Concordo que esta não é uma tarefa de conselhos de controle social, mesmo que esses possam e devam verificar e discutir o desempenho da rede escolar, monitorando o quanto de qualidade é alcançado. Porém, neste caso especifico, a avaliação de desempenho dos docentes pode e deve ser feita com participação da categoria, por meio de comissões de servidores efetivos, pro exemplo.

Limites de fiscalização dos conselhos

Também foram feitos questionamentos sobre a limitação existente nas competências fiscalizadoras dos conselhos de acompanhamento do Fundeb, limite este expresso no próprio nome do conselho, ou seja, ele possui um raio de alcance somente circunscrito nos recursos do fundo, ficando sem fiscalização os 5% de transferências constitucionais federais e estaduais e os 25% dos recursos arrecadados pelo próprio município. Sem falar em outros convênios e nos recursos da cota do salário-educação.
Essa é uma batalha que precisa ser priorizada.

Ao mesmo tempo em que devemos fundir toda a fiscalização e planejamento educacional em uma única instância de controle, no caso o Conselho Municipal de Educação, devemos também garantir uma ampliação da competência fiscalizadora.

Jogo de empurra-empurra

Foi denunciada a dificuldade de relacionamento entre a esfera estadual e municipal. O exemplo oferecido foi do transporte escolar. Realmente o transporte escolar é um emblemático da dificuldade de se estabelecer um verdadeiro regime de colaboração entre os entes federados.
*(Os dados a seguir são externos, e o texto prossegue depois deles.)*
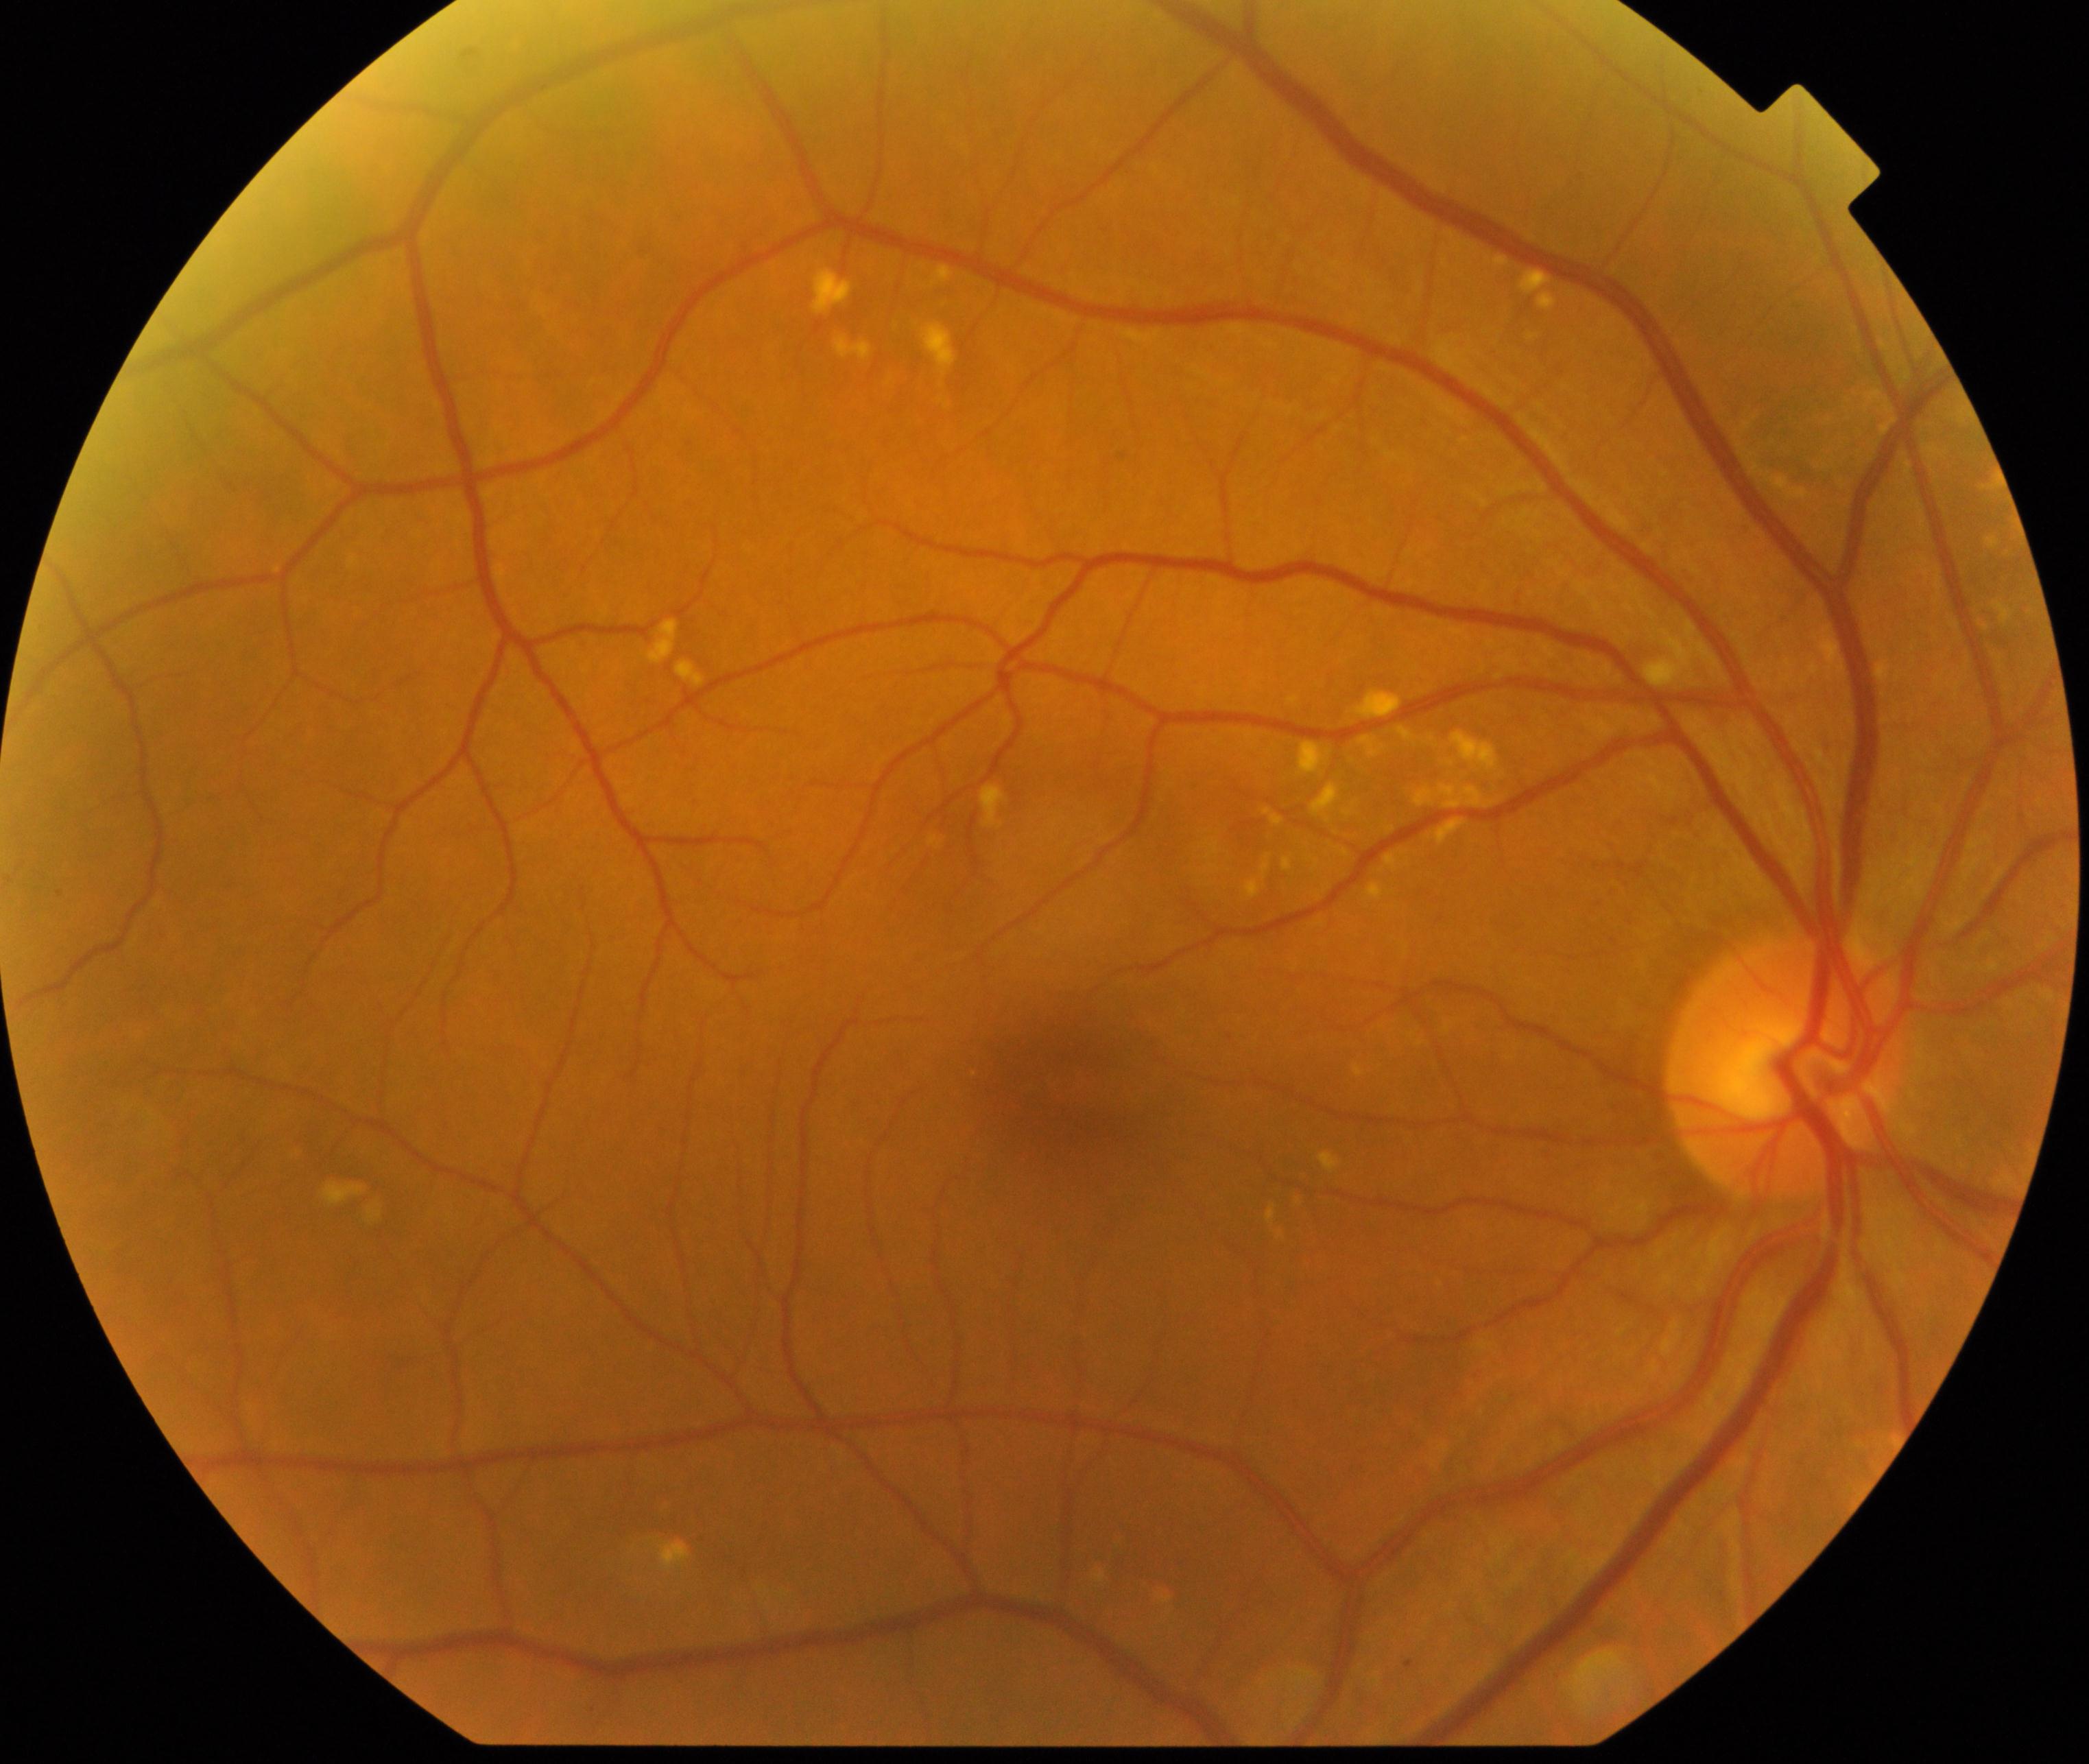

Findings: yellow-white spots or flecks.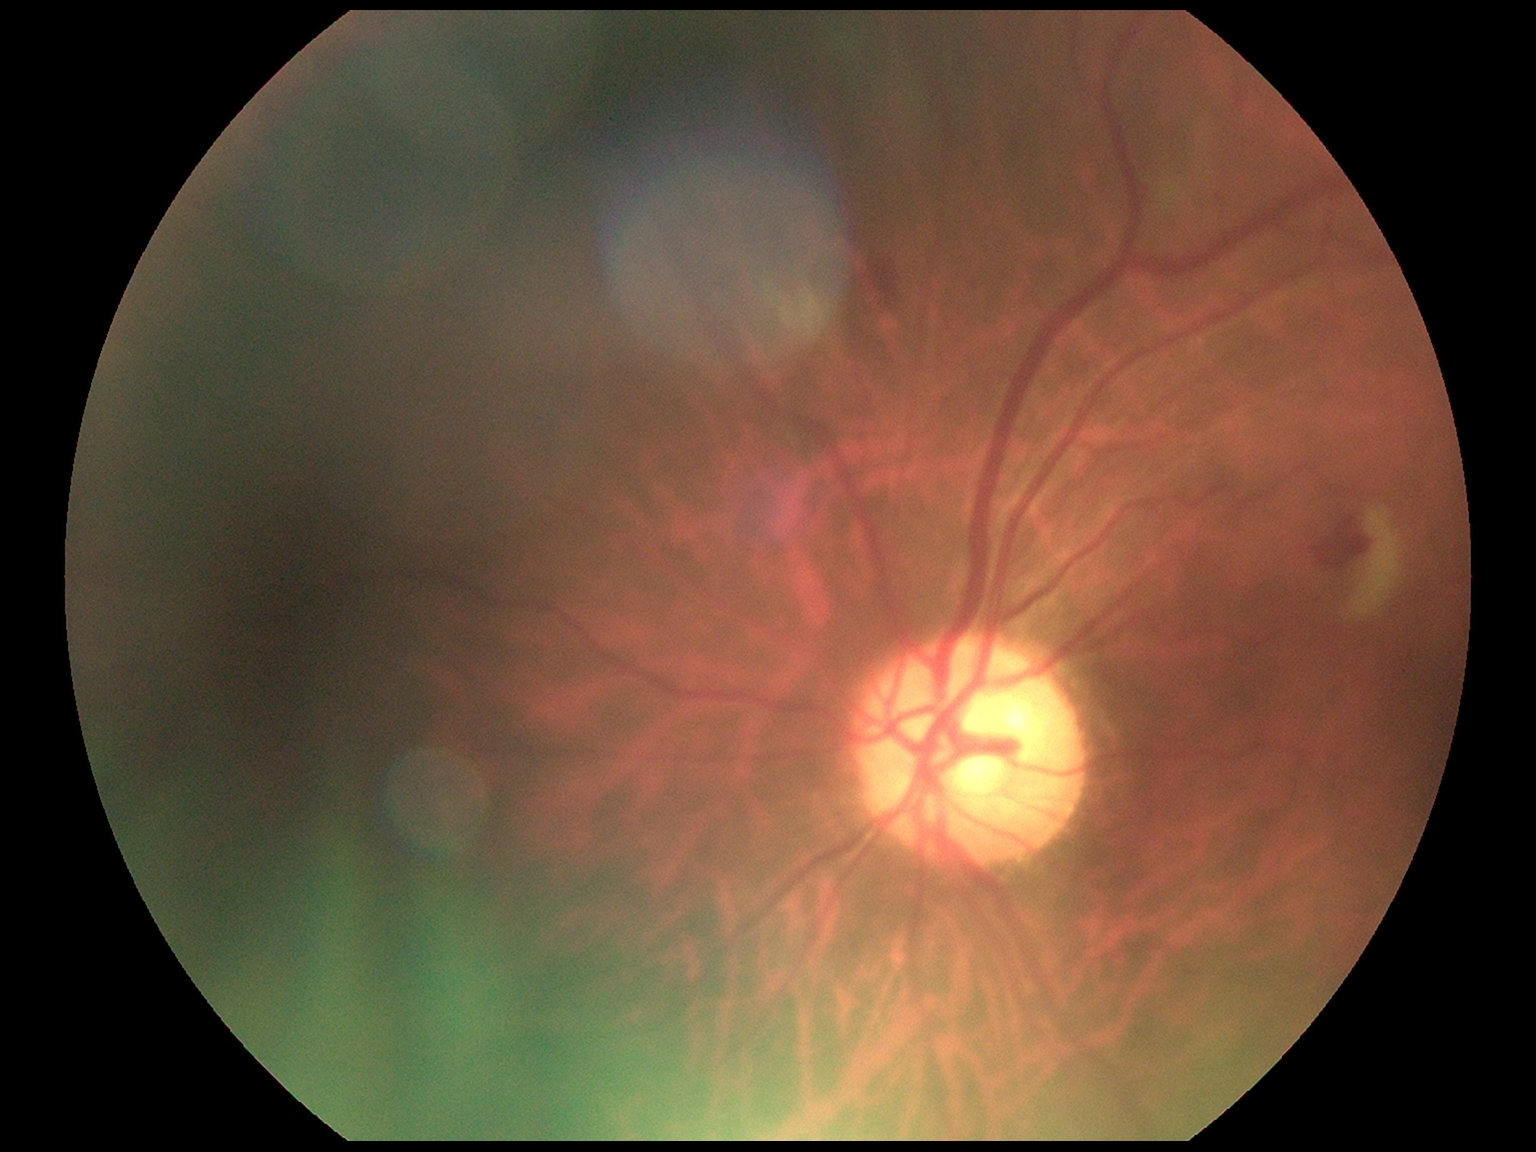

Retinopathy is grade 2.

Vejamos como funciona atualmente a oferta de transporte escolar:

1. A maioria das crianças é transportada pela esfera municipal;

2. A esfera federal participa financeiramente por meio do PNATE, mas estes recursos correspondem, em média, a 15% do efetivamente necessário;

3. Parte dos recursos do PNATE que pertenceria à esfera estadual é repassada a esfera municipal, pois esta efetivamente transporta os alunos da rede estadual de ensino. Como o recurso repassado pelo PNATE é insuficiente, este procedimento só aumenta o déficit municipal;

4. Em vários estados existem repasses estaduais para complementar o valor gasto pelos municípios, mas esse procedimento não acontece em todos os estados e seus formatos são bastante variados.

Este é um exemplo do prejuízo para a qualidade da oferta de serviço educacional provocado pela falta de cooperação entre as esferas do Estado Brasileiro.

Fico feliz de ter auxiliado em alguma medida a elucidação destes e de outros importantes questionamentos dos professores sergipanos.